One last defence of restricted utilitarianism might be as follows. ‘Act optimifically’ might be regarded as itself one of the rules of our system (though it would be odd to say that this rule was justified by its optimificality). According to Toulmin (The Place of Reason in Ethics, pp. 146-8) if ‘keep promises’, say, conflicts with another rule we are allowed to argue the case on its merits, as if we were extreme utilitarians. If ‘act optimifically’ is itself one of our rules then there will always be a conflict of rules whenever to keep a rule is not itself optimific.
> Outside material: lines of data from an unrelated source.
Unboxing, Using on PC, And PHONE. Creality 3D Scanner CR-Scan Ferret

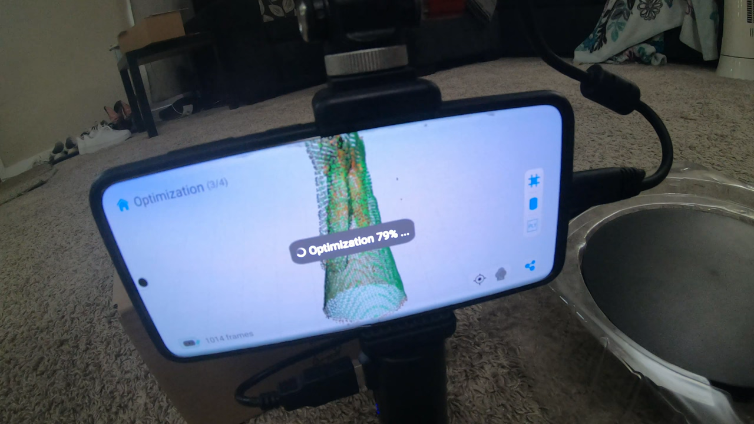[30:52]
It's supposed to make it into one nozzle, not two. We shall see. I'm also going to tell it to fill in all the meshing, all the gaps. I think it's doing it by itself.
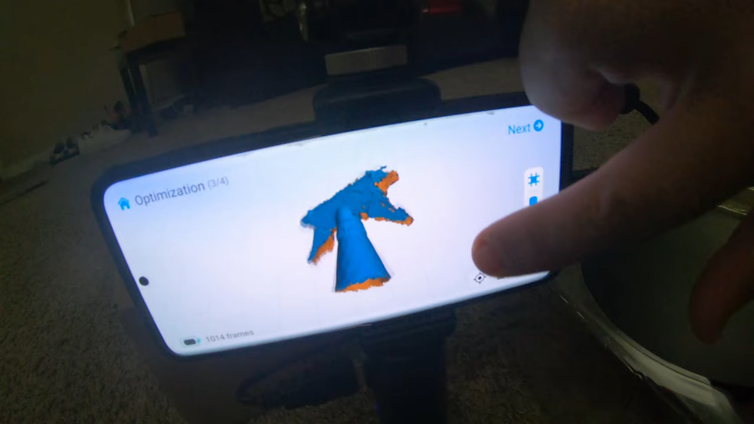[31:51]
Go ahead and let it do that, I guess. So right now this is a total error.
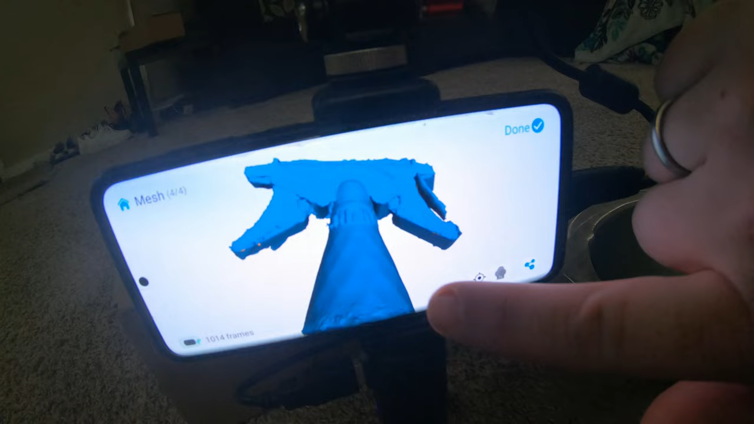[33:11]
Not too bad on the details there.
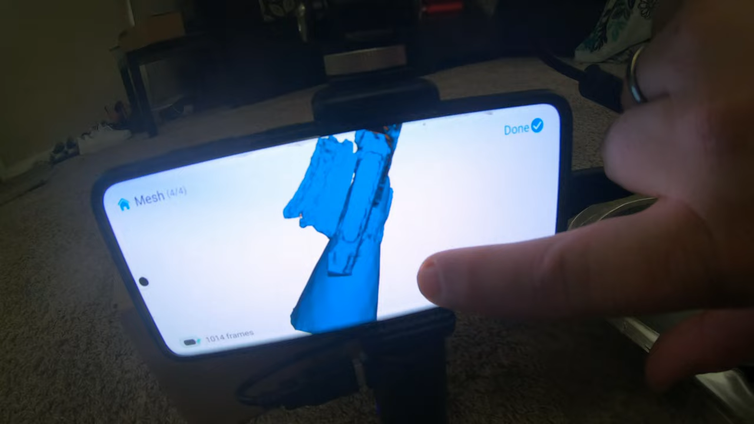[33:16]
But this is more of a learning curve.
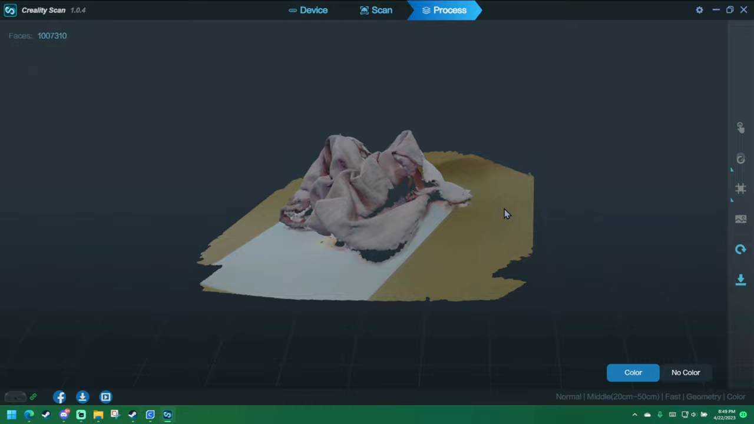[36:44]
Not great. For it not being a reflective device, I really expected better.
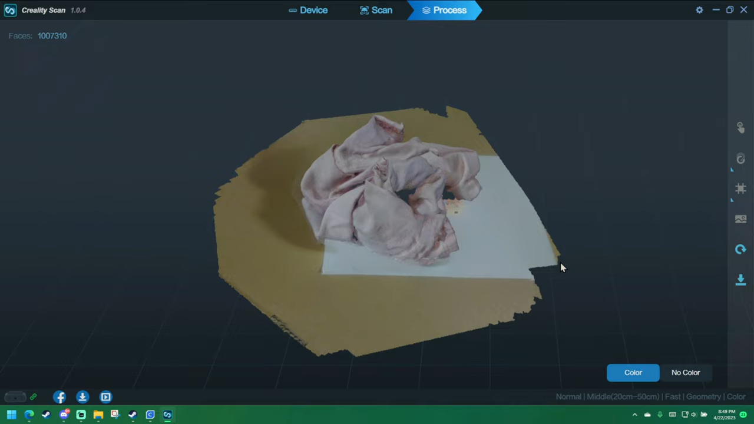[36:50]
It's on cardboard right now. That took about 3 minutes to process.
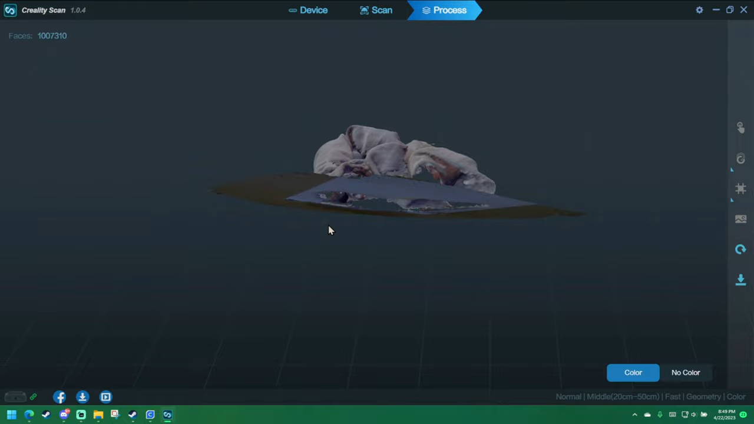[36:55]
Not too bad. Get off the color there.
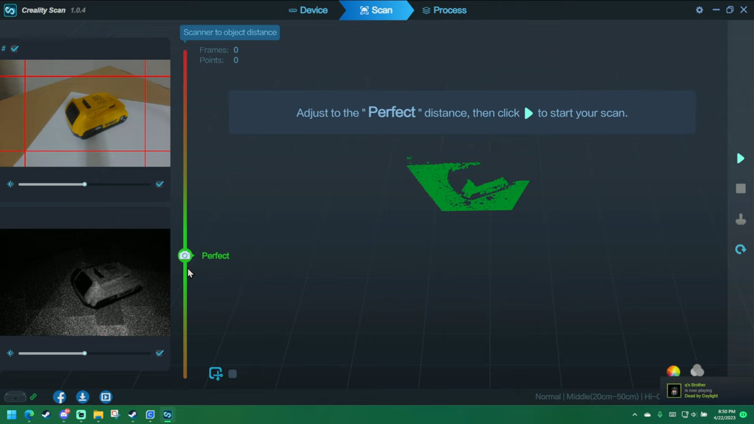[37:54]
Right here it says perfect, but it ain't picking up anything on that. Watch as I get it closer. Now it's too far, even though it's right in front of it.
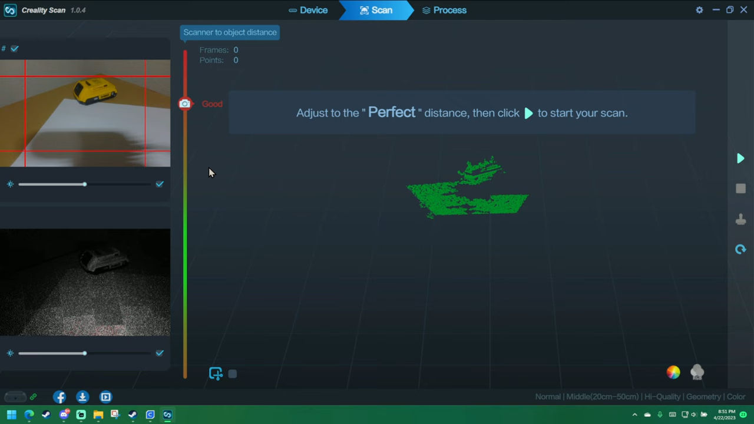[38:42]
Too far. So let's put it right there where it says perfect again. Now I also seen somebody that with a Creality,
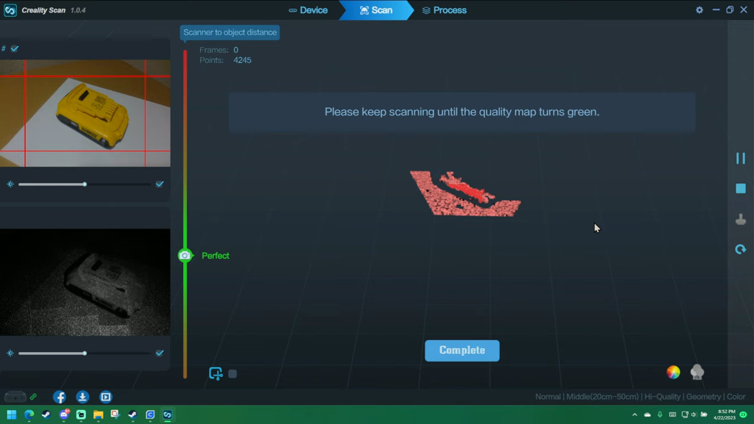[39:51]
you click that, and then it's starting to see that green. I'm going to slowly start to spin it with my hand instead of a turntable, which is way more controllable.
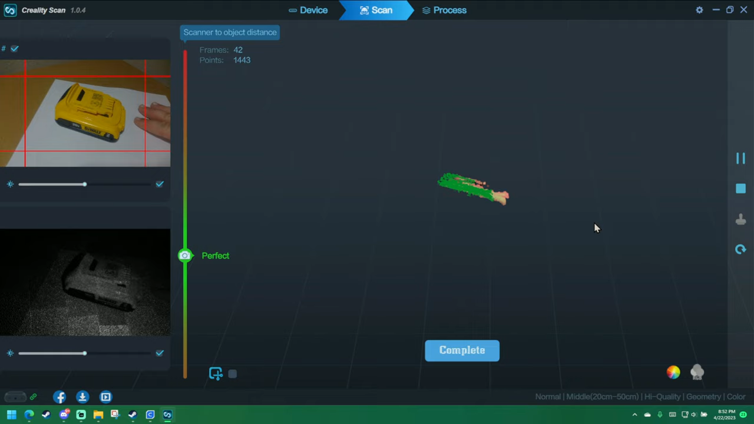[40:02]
At least in this testing video.
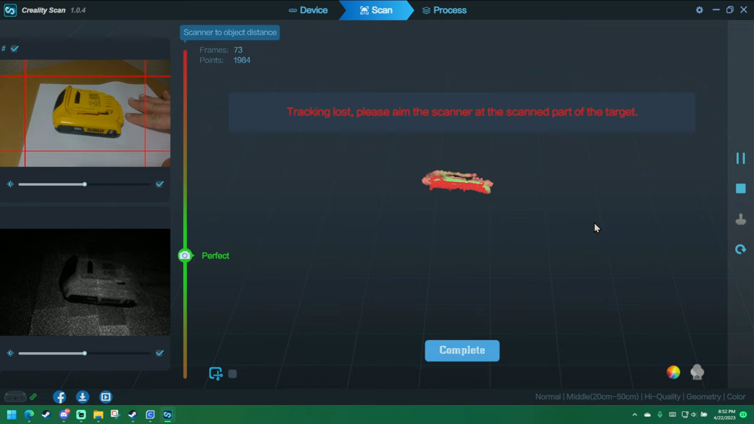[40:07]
And it's already lost it. It thinks it's way over there now.
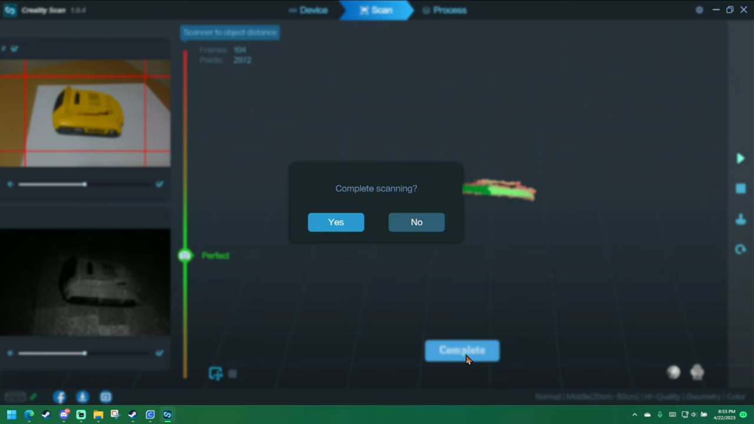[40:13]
So if I scan it, that's all it's got. Let's go ahead and go back to scanning it, but putting a different device there.
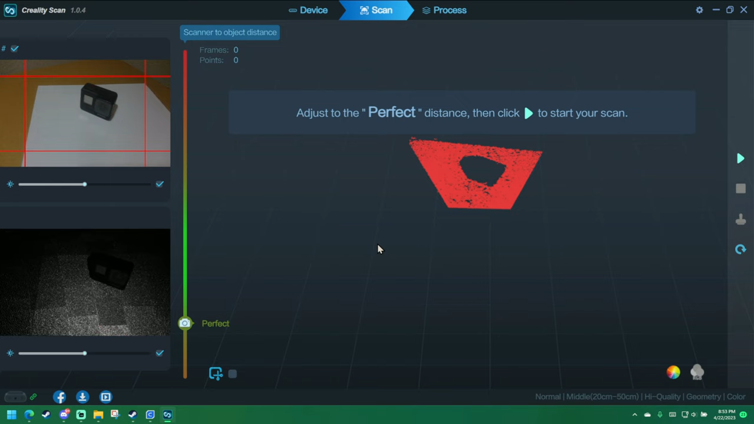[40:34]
It's too near. It's just freaking out. Take that white piece of paper off there.
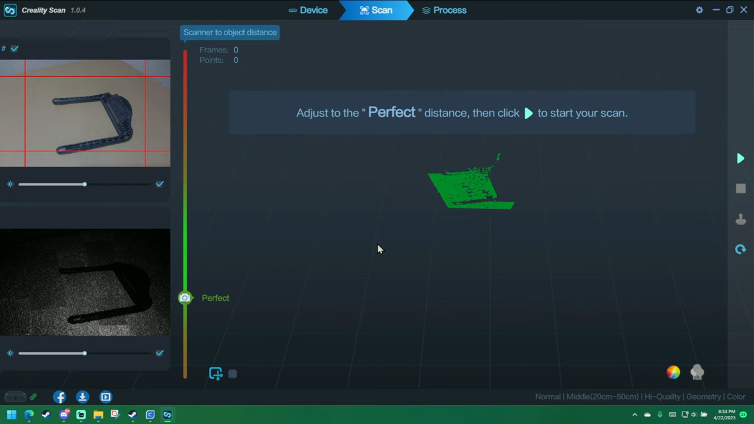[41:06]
But, okay, it's going ape shit. Let's shut the light off. It sees it. But now it thinks the...
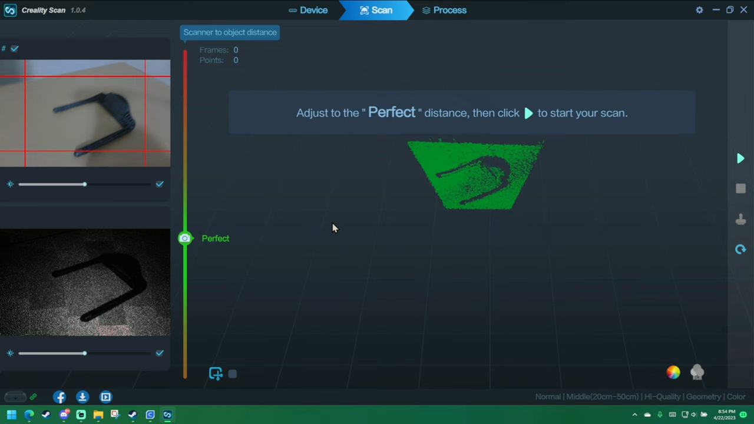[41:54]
Get out an object that was kind of reflective, but this device...
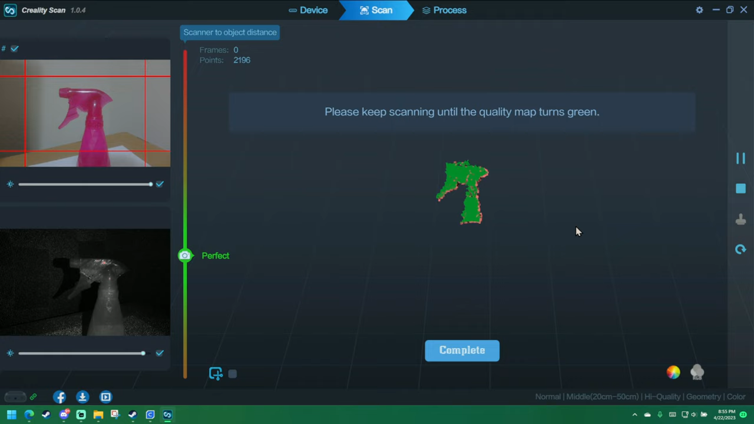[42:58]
The green is moving. I haven't even touched it. Now I'm going to slowly start to spin it and watch what it does. It lost it.
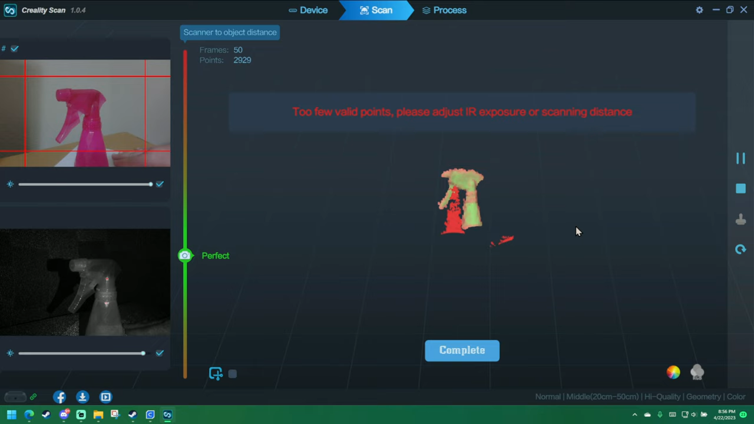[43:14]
So you got to move it back into focus. But now watch it. It just goes ape shit. I don't even know what that little prong is that's coming out of the top. And it won't register any more than that.
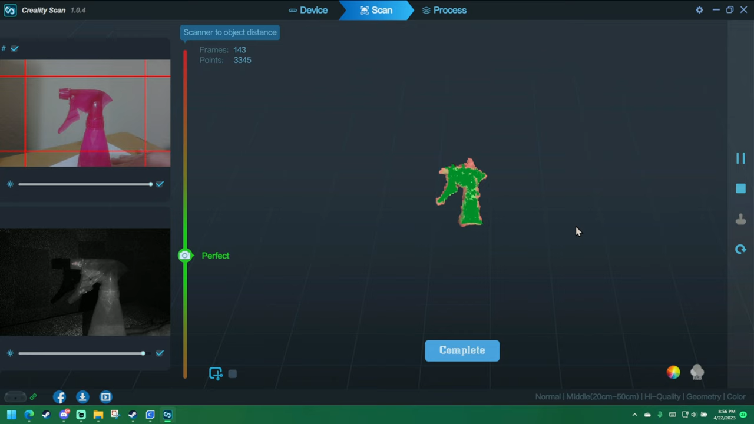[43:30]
Go the other way with it. I know you could put some type of spray on it. And now it just said I turned it clear around.
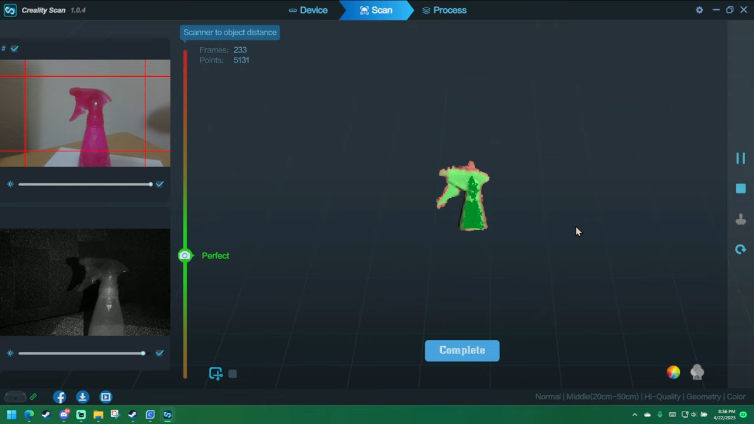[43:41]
I'm not moving it. It thinks it's being moved.

If this is so, restricted utilitarianism collapses into extreme utilitarianism. And no one could read Toulmin’s book or Urmson’s article on Mill without thinking that Toulmin and Urmson are of the opinion that they have thought of a doctrine which does not collapse into extreme utilitarianism, but which is, on the contrary, an improvement on it.
1 The Philosophical Quarterly, Vol. VI (1956), 344-354. Page breaks are indicated in brackets. Based on a paper read to the Victorian Branch of the Australasian Association of Psychology and Philosophy, October, 1955. Since publication of this article Professor Smart has preferred to follow Brandt's terminology of “act-“ and “rule-utilitarianism” instead of “extreme” and “restricted utilitarianism.”